È una semplificazione tanto dura quanto inconsistente:
il motivo dell’anticlericalismo è un aspetto – e una conseguenza naturale – di un atteggiamento di carattere ‘laico’.
Ma la laicità è qualcosa di molto più vasto di una polemica, per quanto aspra, nei confronti della Chiesa di Roma (e di qualsiasi altra Chiesa).
Nella laicità - afferma Ciliberto - si è espressa una vera e propria concezione della sapienza. Se si vanno a leggere i capisaldi di tale cultura, ci imbattiamo in concetti decisivi come quelli di legge, di conflitto, di eguaglianza, di dissimulazione, di bisogno, di libertà di stampa, di opinione pubblica, fino all’argomentazione del rifiuto della tortura e della pena di morte,svolta nelle pagine memorabili di Cesare Beccaria pubblicate nel lontano 1764...”.

In un bell’ editoriale   di qualche anno fa, Eugenio Scalari affermava:

Due concezioni si contrastano, due culture ciascuna delle quali deve moltissimo all’altra, si contrappongono e non soltanto sui modi per raggiungere un obiettivo comune, ma sulle finalità stesse che vengono proposte.
Gli ultimi due papi hanno fatto dell’accusa di liberalismo e di relativismo un tema centrale e l’hanno usato sistematicamente per sconfessare di fatto l’intero valore della modernità, dal Rinascimento alla libera ricerca, dalla scienza sperimentale allo stoicismo di Montaigne, al “Discorso sul metodo” di Cartesio, all’”Etica” di Spinoza, all’Illuminismo, alla “Critica della ragion pura” di Kant e infine ai più recenti svolgimenti del pensiero filosofico derivanti da Schopenhauer e da Nietzsche e agli esiti scientifici di Freud, di Einstein e della fisica quantistica.
Tutto questo immenso deposito di pensiero e di sapere è impregnato di relativismo nelle sue diverse varianti metodiche conoscitive ed etiche e tutto, preso nel suo insieme, si è proposto di spodestare la metafisica dal vertice del pensiero filosofico dove si era insediata a partire da Platone.
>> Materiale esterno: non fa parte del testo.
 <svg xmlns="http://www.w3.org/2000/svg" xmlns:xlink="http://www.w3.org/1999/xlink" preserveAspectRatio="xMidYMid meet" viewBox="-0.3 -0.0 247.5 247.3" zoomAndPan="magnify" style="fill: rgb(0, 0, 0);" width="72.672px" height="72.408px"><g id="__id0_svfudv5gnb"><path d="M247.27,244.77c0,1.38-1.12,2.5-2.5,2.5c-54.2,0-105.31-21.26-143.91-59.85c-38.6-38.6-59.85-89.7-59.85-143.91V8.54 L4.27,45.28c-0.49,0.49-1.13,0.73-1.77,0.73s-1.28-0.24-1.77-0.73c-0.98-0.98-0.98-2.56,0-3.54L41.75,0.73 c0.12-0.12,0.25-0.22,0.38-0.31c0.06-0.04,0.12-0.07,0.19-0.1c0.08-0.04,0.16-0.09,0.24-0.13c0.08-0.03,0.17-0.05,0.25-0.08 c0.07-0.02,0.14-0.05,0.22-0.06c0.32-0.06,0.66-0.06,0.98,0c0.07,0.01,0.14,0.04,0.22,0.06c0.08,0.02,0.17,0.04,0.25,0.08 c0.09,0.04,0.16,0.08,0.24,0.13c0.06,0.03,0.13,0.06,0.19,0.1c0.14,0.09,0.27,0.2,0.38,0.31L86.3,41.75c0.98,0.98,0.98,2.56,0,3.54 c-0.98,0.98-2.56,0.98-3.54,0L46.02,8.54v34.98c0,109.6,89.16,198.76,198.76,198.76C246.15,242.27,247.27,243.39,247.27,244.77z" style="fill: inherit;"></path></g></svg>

Se dunque Giovanni Paolo II e Benedetto XVI, pur dotati di diversa portanza e di diverso linguaggio, hanno deciso di eleggere come nemico numero uno della cattolicità il relativismo e l’Illuminismo e lo hanno ripetuto in gran parte delle loro pubbliche allocuzioni e delle più solenni encicliche; e se Ratzinger appena insediato sulla cattedra petrina, nella sua prolusione all’università di Ratisbona ebbe nei confronti del fondamentalismo islamico accenti addirittura meno severi di quelli riservati al pensiero moderno dell’Occidente, non è purtroppo lontano dal vero parlare oggi d’uno scontro in atto tra cattolicesimo e modernità anche se la Chiesa lo nega tenacemente.
Il nemico è insomma il relativismo, la rivendicazione dell’autonomia di ciascuno, la ricerca sperimentale della verità che non esclude neppure l’inesistenza di un’unica verità assoluta. E di conseguenza l’abbandono della trascendenza, antico rifugio contro l’insicurezza del vivere e ultima istanza del giudizio finale tra buoni e cattivi, tra bene e male.
Il pensiero laico è stato lungamente silente su questa diabolizzazione cui la Chiesa l’ha sottoposto. Parlo del pensiero laico e non di quello anticlericale che ne rappresenta una caricatura.
Il pensiero laico non ha mai escluso (e come potrebbe?) il mistero, l’Increato, la necessità di dare un senso al nostro vivere. Si è sempre posto con estrema serietà i problemi della vita e della morte. Non ha mai confuso il complesso delle sue idee e delle sue convinzioni con la secolarizzazione consumista che è fenomeno diverso e per molti aspetti deteriore. Per di più il pensiero laico, anzi il mondo laico, non ha una struttura di potere, non ha associazioni proprie che lo rappresentino, non parla “ex cathedra”. Predica libertà, democrazia, tolleranza.
 Perciò non ha alcuna responsabilità nello scontro che si è determinato con la Chiesa se non per il fatto di opporsi alle pretese ecclesiastiche di voler imporre ad una comunità dove convivono pacificamente cattolici, laici e fedeli di altre religioni, istituti che vietino l’esercizio e il riconoscimento dei diritti. Diritti di minoranze, certo, e proprio per questo ancor più sacri e degni di riconoscimento e tutela.”